Dissociative Identity Disorder Statistics

Dissociative Identity Disorder: A Primer

Pretending to have a mental illness has become popular among young people on social media, especially on TikTok. Claims of dissociative identity disorder (DID) on forums, video platforms, and chat threads have led to misinformation about this condition, including how rare it is. 

What is Dissociative Identity Disorder?

Dissociative identity disorder used to be called “multiple personality disorder” or “split personality disorder.” People with DID have two or more identities, each with its own personality and traits. This can lead to hallucinations and memory gaps.

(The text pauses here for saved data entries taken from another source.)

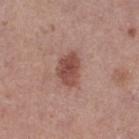Q: Is there a histopathology result?
A: no biopsy performed (imaged during a skin exam)
Q: How was the tile lit?
A: white-light
Q: Patient demographics?
A: female, aged 38–42
Q: Lesion location?
A: the right thigh
Q: How was this image acquired?
A: total-body-photography crop, ~15 mm field of view
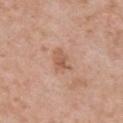Clinical impression: Part of a total-body skin-imaging series; this lesion was reviewed on a skin check and was not flagged for biopsy. Clinical summary: The tile uses white-light illumination. From the chest. A lesion tile, about 15 mm wide, cut from a 3D total-body photograph. The lesion-visualizer software estimated a shape eccentricity near 0.75 and a shape-asymmetry score of about 0.3 (0 = symmetric). And it measured an average lesion color of about L≈57 a*≈22 b*≈31 (CIELAB), about 9 CIELAB-L* units darker than the surrounding skin, and a normalized border contrast of about 6. And it measured border irregularity of about 3 on a 0–10 scale and radial color variation of about 1. The analysis additionally found a nevus-likeness score of about 5/100 and a lesion-detection confidence of about 100/100. The subject is a female aged 38 to 42. Approximately 3 mm at its widest.
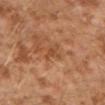<tbp_lesion>
  <biopsy_status>not biopsied; imaged during a skin examination</biopsy_status>
  <automated_metrics>
    <area_mm2_approx>3.0</area_mm2_approx>
    <eccentricity>0.9</eccentricity>
    <shape_asymmetry>0.3</shape_asymmetry>
    <border_irregularity_0_10>4.0</border_irregularity_0_10>
    <color_variation_0_10>0.5</color_variation_0_10>
    <peripheral_color_asymmetry>0.0</peripheral_color_asymmetry>
  </automated_metrics>
  <site>left lower leg</site>
  <patient>
    <sex>male</sex>
    <age_approx>30</age_approx>
  </patient>
  <lighting>cross-polarized</lighting>
  <lesion_size>
    <long_diameter_mm_approx>3.0</long_diameter_mm_approx>
  </lesion_size>
  <image>
    <source>total-body photography crop</source>
    <field_of_view_mm>15</field_of_view_mm>
  </image>
</tbp_lesion>
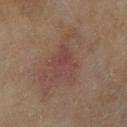Q: Was this lesion biopsied?
A: imaged on a skin check; not biopsied
Q: Where on the body is the lesion?
A: the right lower leg
Q: Lesion size?
A: ≈4 mm
Q: What kind of image is this?
A: ~15 mm tile from a whole-body skin photo
Q: Automated lesion metrics?
A: a lesion area of about 8.5 mm², an outline eccentricity of about 0.6 (0 = round, 1 = elongated), and a symmetry-axis asymmetry near 0.3
Q: Patient demographics?
A: female, about 60 years old
Q: How was the tile lit?
A: cross-polarized illumination
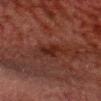  biopsy_status: not biopsied; imaged during a skin examination
  image:
    source: total-body photography crop
    field_of_view_mm: 15
  site: head or neck
  patient:
    sex: male
    age_approx: 60
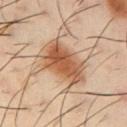The lesion was tiled from a total-body skin photograph and was not biopsied. On the right upper arm. A male subject, aged approximately 40. A 15 mm crop from a total-body photograph taken for skin-cancer surveillance. The tile uses cross-polarized illumination. The recorded lesion diameter is about 6.5 mm.
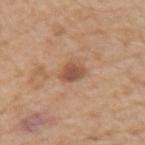biopsy status: catalogued during a skin exam; not biopsied | location: the right upper arm | subject: male, roughly 70 years of age | acquisition: ~15 mm tile from a whole-body skin photo | lesion size: about 3 mm | automated lesion analysis: a lesion area of about 5 mm², an eccentricity of roughly 0.65, and a symmetry-axis asymmetry near 0.15; a border-irregularity rating of about 1.5/10, internal color variation of about 3 on a 0–10 scale, and peripheral color asymmetry of about 1.
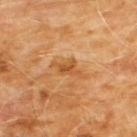Part of a total-body skin-imaging series; this lesion was reviewed on a skin check and was not flagged for biopsy. From the chest. Cropped from a total-body skin-imaging series; the visible field is about 15 mm. Longest diameter approximately 4 mm. The patient is a male about 60 years old.
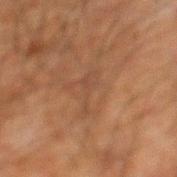Clinical impression:
Captured during whole-body skin photography for melanoma surveillance; the lesion was not biopsied.
Image and clinical context:
Longest diameter approximately 4 mm. From the mid back. The subject is a male aged 58–62. Cropped from a total-body skin-imaging series; the visible field is about 15 mm.

DID is a very rare condition. Statistics show that it affects between .001 and 1% of the population. It is a real condition, it is simply much rarer than people on social media are making it out to be.

Some young people on social media use online articles about this condition to diagnose themselves. They see the symptoms of a problem and then either believe they have it or claim they do to get attention. Their posts not only spread misinformation about an actual mental illness, but also make it difficult for people with DID to find the support and accurate information they desperately need.

Dissociative Identity Disorder Symptoms

In addition to having more than one personality, people with DID may show several other symptoms, including:

  • Anxiety and panic attacks
  • Suicidal ideation
  • Depression
  • Headaches
  • Eating disorders
  • Memory loss
  • Disorientation
  • Confusion
  • Drug and alcohol use
  • Delusions
  • Flashbacks

Dissociative Identity Disorder Treatment

After doctors diagnose DID, they can initiate several types of therapy. Psychotherapy (talk therapy) helps patients work through the things that trigger their DID. It often includes family members who are willing to help. The hope is that the multiple personalities will start to fuse into one with better control over those triggers.

Adjunctive therapy, such as movement or art, is sometimes used in conjunction with psychotherapy and/or hypnosis. These therapies aim to open parts of the mind that shut down due to the trauma that led to the birth of multiple personalities.

There is no known cure for dissociative identity disorder. But by using a combination of therapies, doctors hope to get their DID patients to a place where they no longer engage in behaviors like drug and alcohol abuse. They also wish to remove some of the psychological trauma that leads people with DID to be suicidal or suffer from persistent anxiety or depression.

Get Help For DID and Other Mental Health Conditions

You do not have to deal with dissociative identity disorder or other mental health conditions alone. Neither do your loved ones. Reach out for help from Serene Behavioral Health. Our goals are to restore hope and feelings of self-worth for our patients. We have four levels of care, including intensive outpatient, monitored outpatient, day treatment, and a residential program, and we utilize a multidisciplinary approach tailored to suit your individual needs. Contact us to begin your journey to recovery.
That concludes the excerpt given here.